Date de diffusion : 24 octobre 1993

Léa Roback est née à Montréal en 1903 dans une famille d'immigrants juifs polonais. Lorsqu'elle est toute petite, ses parents déménagent à Beauport près de Québec où ils administrent le magasin général. Elle grandit donc dans la seule famille juive de ce village canadien-français. À la maison, elle parle le yiddish avec ses frères et sœurs, mais elle s'exprime en français avec ses compagnes canadiennes-françaises et étudie en anglais à Québec.

Dans cette entrevue qu'elle accorde à l'âge de 90 ans, Léa Roback, vieille dame espiègle et pétillante, raconte son enfance et le goût de voyage qui a animé sa jeunesse.

En 1925, voulant « tâter le pouls de la vie », Léa Roback part pour l'Europe, d'abord en France puis en Allemagne. Léa étudie dans le Berlin des années folles où elle assiste au théâtre ouvrier de Bertold Brecht, aux concerts, aux opérettes, mais aussi à la montée du nazisme. C'est à cette époque que commence son engagement au sein du Parti communiste. Trouvant le Parti socialiste trop tempéré, son goût de l'action la fait adhérer à une cellule communiste de l'Université de Berlin. Juive, communiste et étrangère, Léa est menacée par la situation politique en Allemagne : ses professeurs lui conseillent de rentrer chez elle.

De retour à Montréal en 1932, Léa Roback continue à travailler avec le Parti communiste local et ouvre la première librairie marxiste de la ville, rue Bleury, à deux pas du Gesù. Parmi les clients qui fréquentent la librairie figure le médecin Norman Bethune. Les rafles de police y sont fréquentes, les livres à couverture rouge sont même confisqués. En 1936, Léa Roback fait son entrée à l'Union internationale des ouvriers du vêtement pour dames comme directrice de l'éducation. Dès l'année suivante, elle participe à l'organisation de la grève des 5000 ouvriers de l'industrie textile.

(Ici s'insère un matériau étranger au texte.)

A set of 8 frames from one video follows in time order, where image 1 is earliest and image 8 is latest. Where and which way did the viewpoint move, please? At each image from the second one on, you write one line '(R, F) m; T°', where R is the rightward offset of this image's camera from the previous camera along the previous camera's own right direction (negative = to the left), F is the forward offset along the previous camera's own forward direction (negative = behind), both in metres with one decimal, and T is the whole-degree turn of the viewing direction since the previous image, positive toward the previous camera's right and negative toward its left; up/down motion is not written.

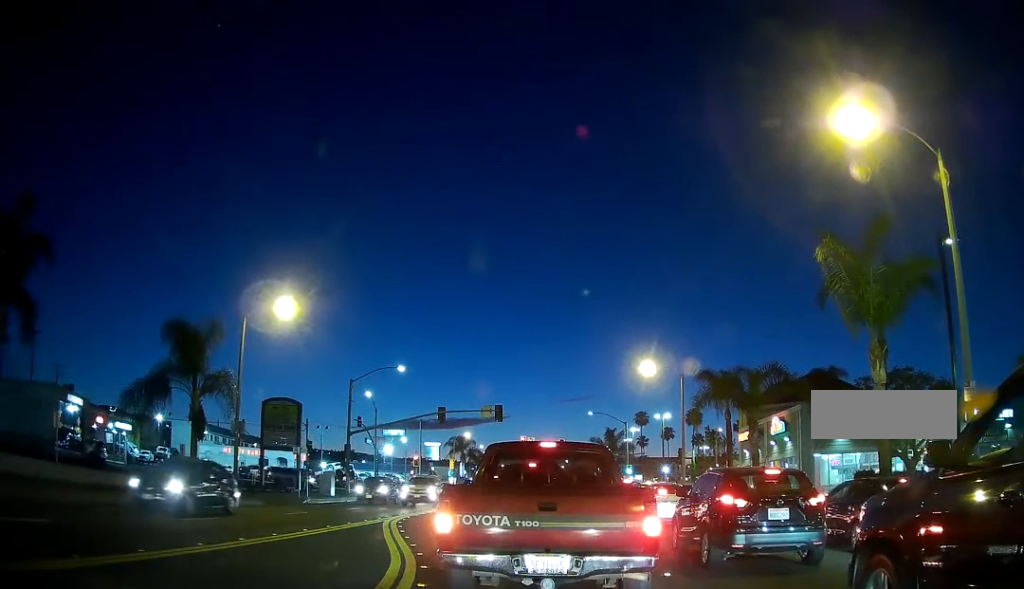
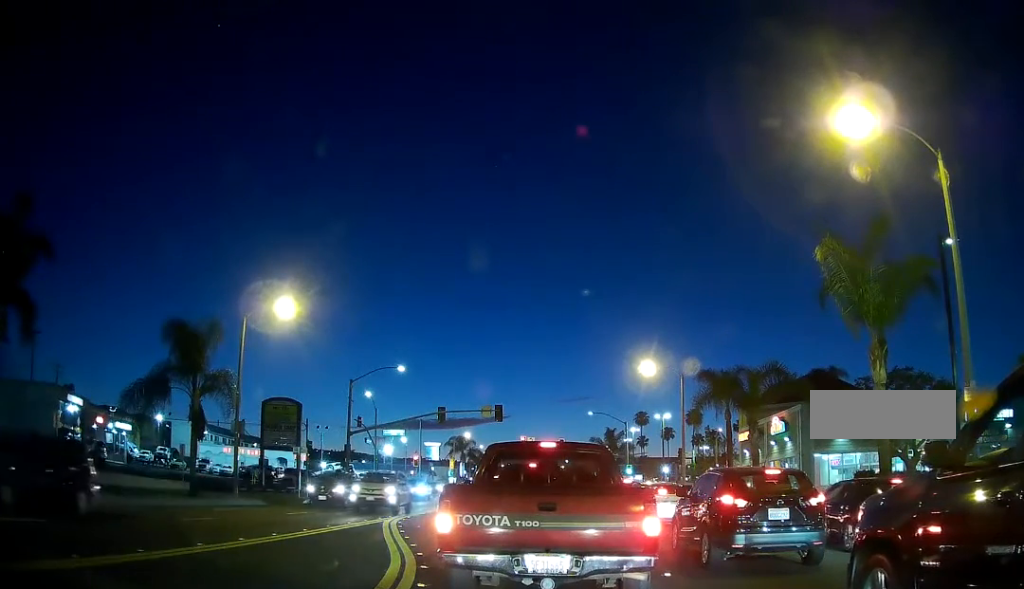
(0.0, 0.0) m; 0°
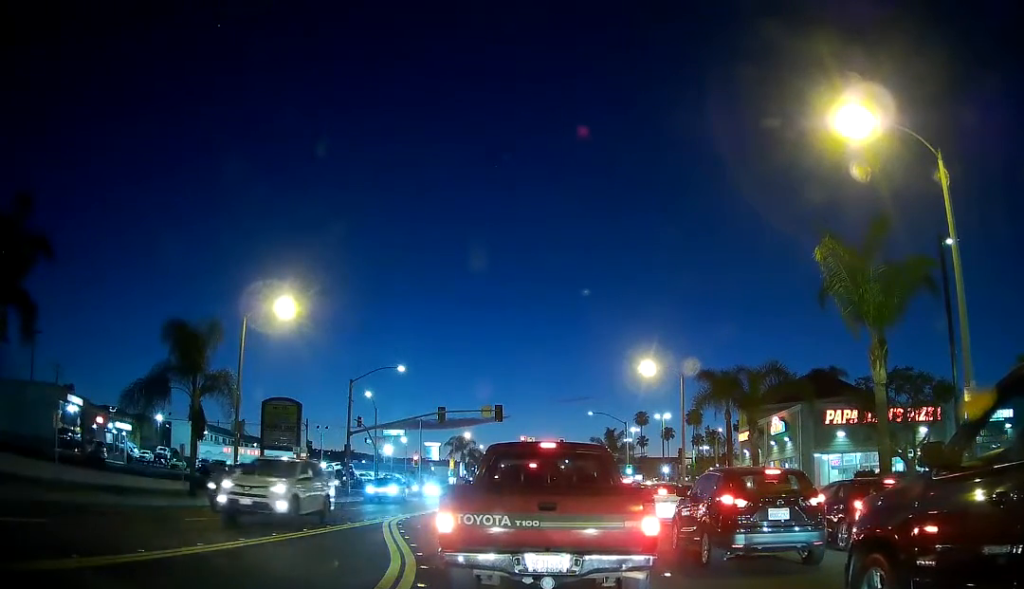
(0.0, 0.0) m; 0°
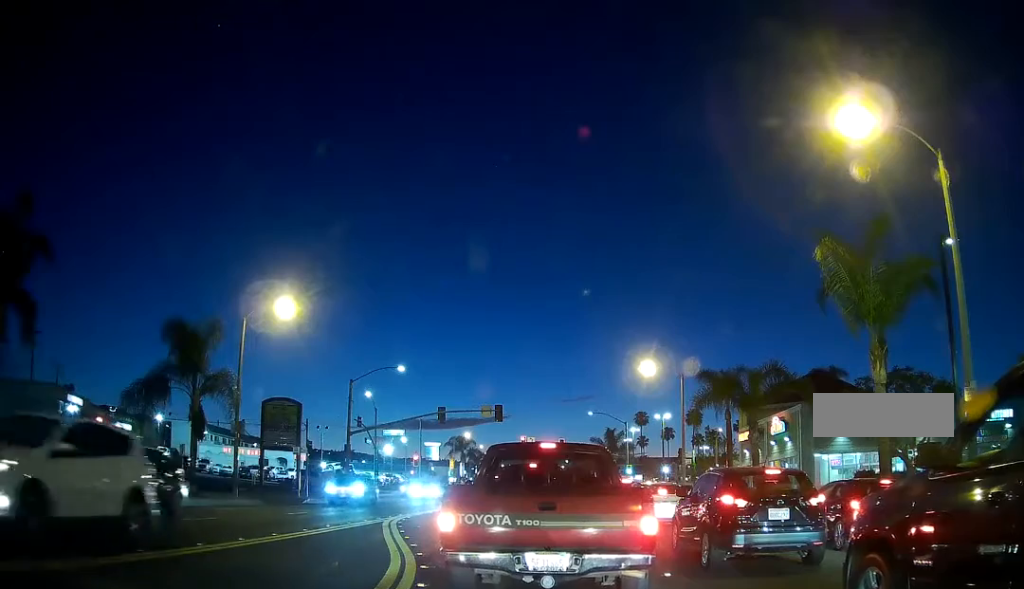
(0.0, 0.0) m; 0°
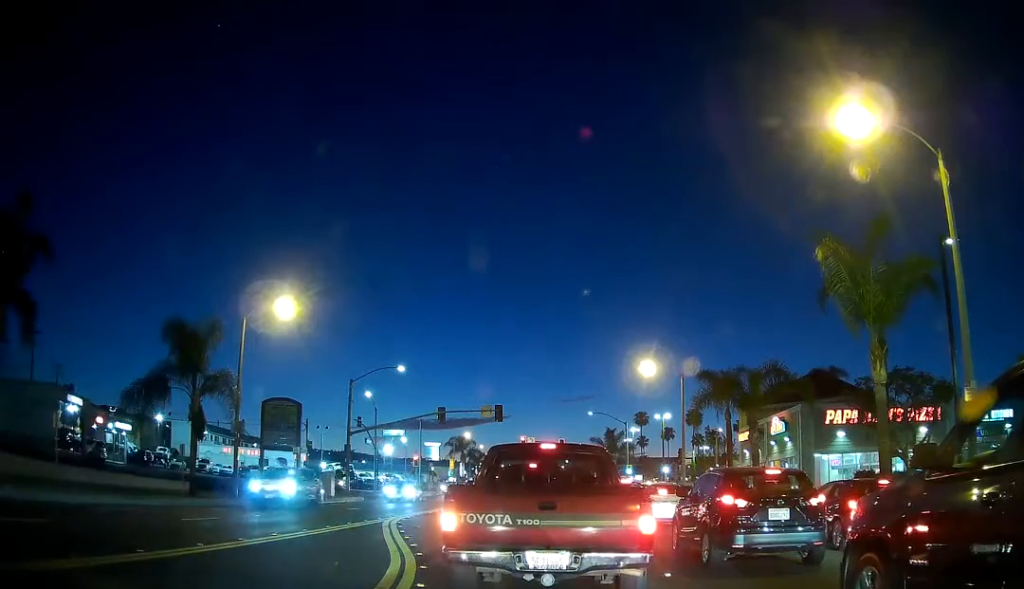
(0.0, 0.0) m; 0°
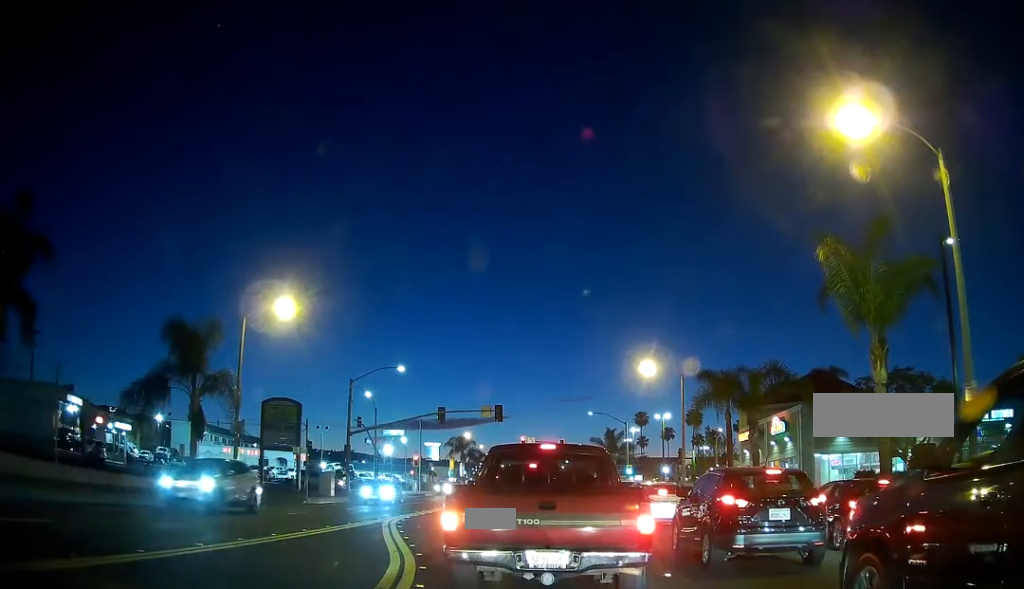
(0.0, 0.0) m; 0°
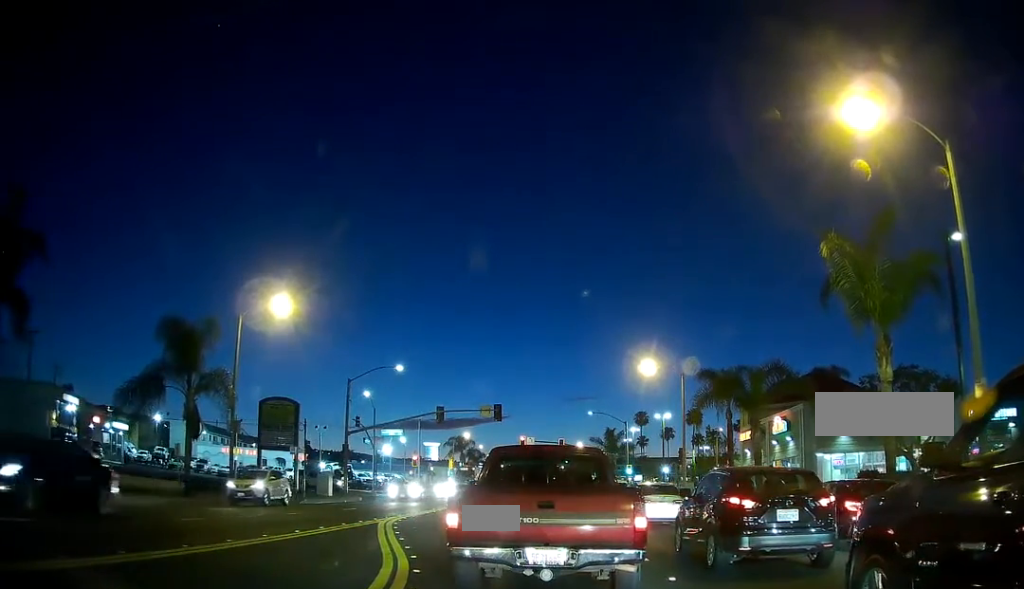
(0.0, +0.4) m; 0°
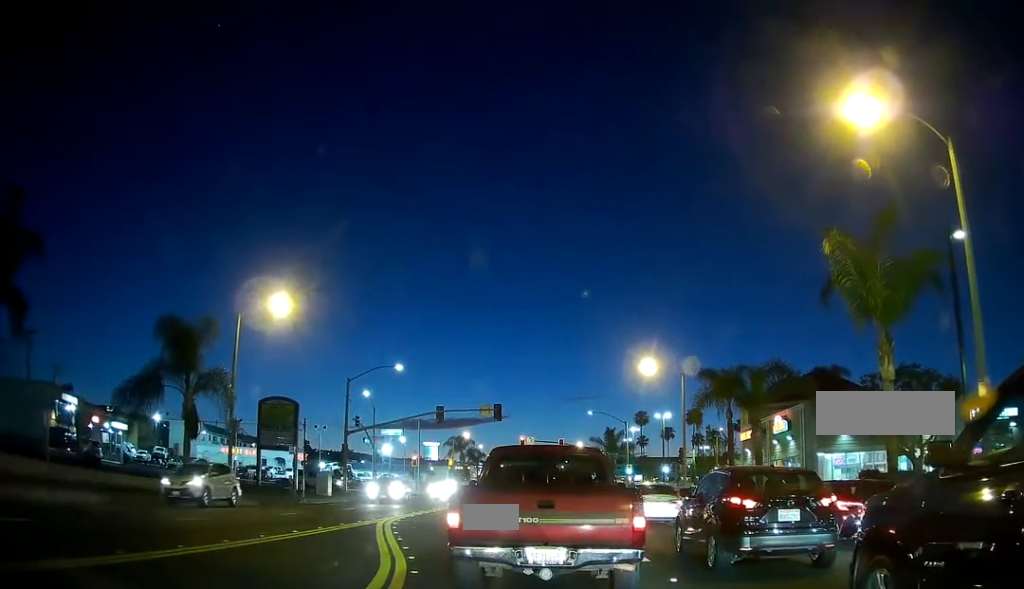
(0.0, 0.0) m; 0°

Léa Roback, le goût de l'action

• Esprit libre, Léa Roback exerce mille métiers, de caissière au théâtre à travailleuse chez un nettoyeur. Elle ne craint pas de rester célibataire à une époque où le célibat féminin est mal vu.

• Féministe, Léa aide des jeunes femmes enceintes à entrer en relation avec des médecins pratiquant l'avortement à une époque où cette pratique est illégale. Elle militera également activement pour l'obtention du droit de vote des femmes au Québec. Pacifiste, elle distribue des tracts contre les jouets violents avec l'aide du mouvement Voix des femmes.

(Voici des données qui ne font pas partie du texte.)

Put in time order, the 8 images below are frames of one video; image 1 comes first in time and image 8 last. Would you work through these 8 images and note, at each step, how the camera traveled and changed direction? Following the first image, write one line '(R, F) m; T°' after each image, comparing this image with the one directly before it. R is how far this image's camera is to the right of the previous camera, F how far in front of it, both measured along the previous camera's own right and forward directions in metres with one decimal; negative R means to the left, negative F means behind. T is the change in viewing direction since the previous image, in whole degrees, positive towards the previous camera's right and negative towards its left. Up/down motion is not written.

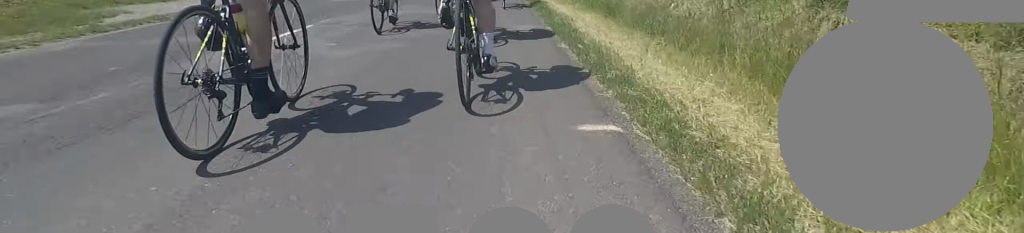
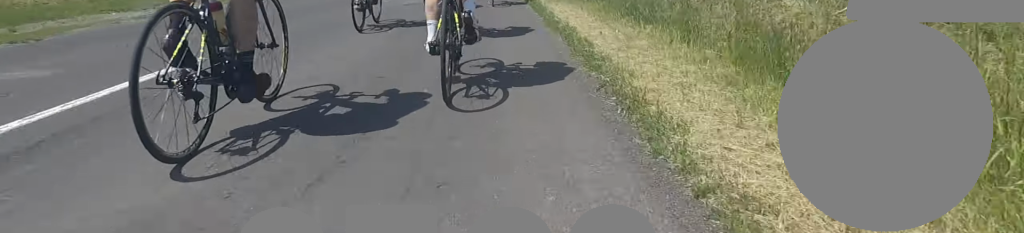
(0.0, +12.9) m; 0°
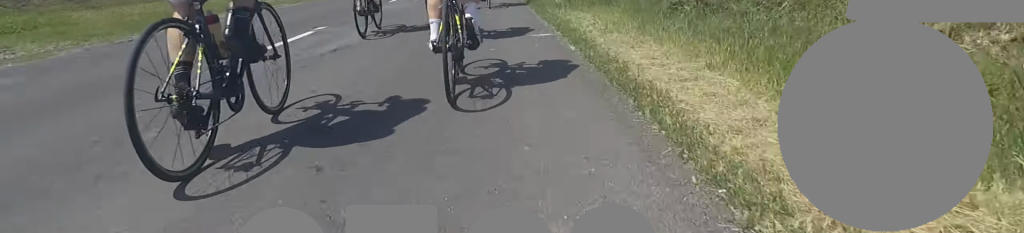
(0.0, +5.3) m; 0°
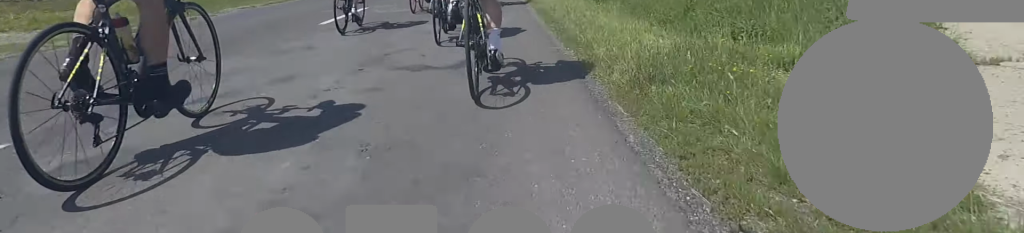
(0.0, +15.1) m; 0°
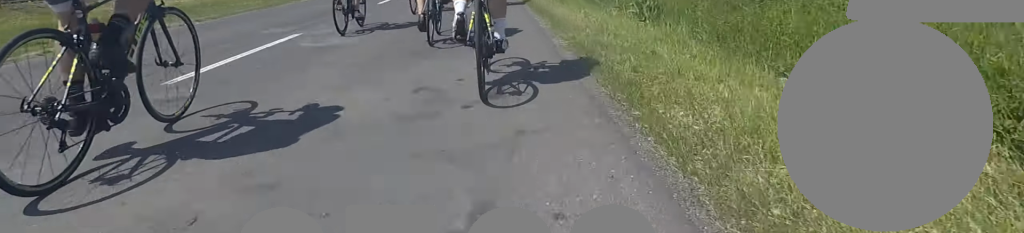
(0.0, +4.2) m; 0°
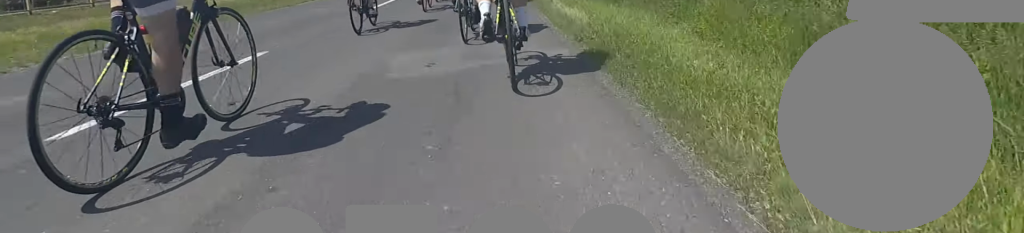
(0.0, +10.4) m; 0°
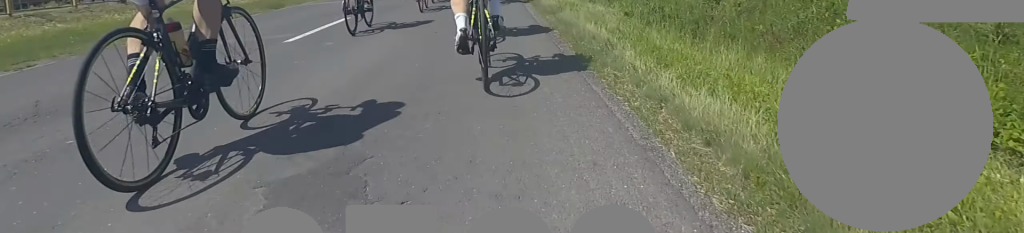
(0.0, +4.7) m; 0°
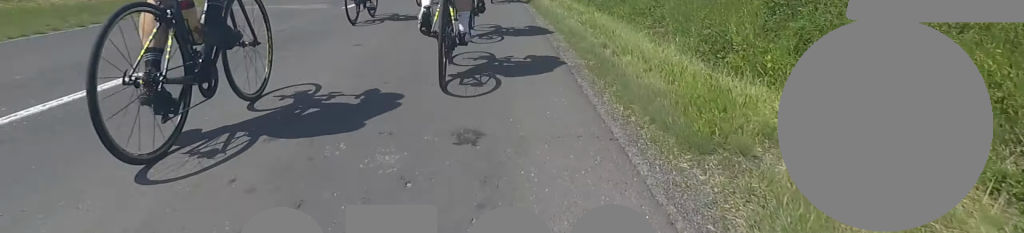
(0.0, +5.7) m; 0°

• Léa Roback coordonne les trois campagnes électorales de Fred Rose, candidat dans la circonscription de Cartier dès 1935. Élu en 1943, il devient le premier et seul député communiste de la Chambre des communes, réélu aux élections de 1945.

• Léo, dernier-né des neuf enfants Roback, sera à l'image de sa sœur Léa un militant de la première heure. Lors de ses études en psychologie à l'Université McGill, Léo Roback s'implique au sein du conseil d'administration de l'Assemblée des étudiants canadiens, organisation étudiante pancanadienne fondée sur la solidarité sociale. Après ses études, il devient consultant pour divers mouvements syndicaux, notamment la CSN et la FTQ. De 1968 à 1982, il est professeur à l'École de relations industrielles de l'Université de Montréal.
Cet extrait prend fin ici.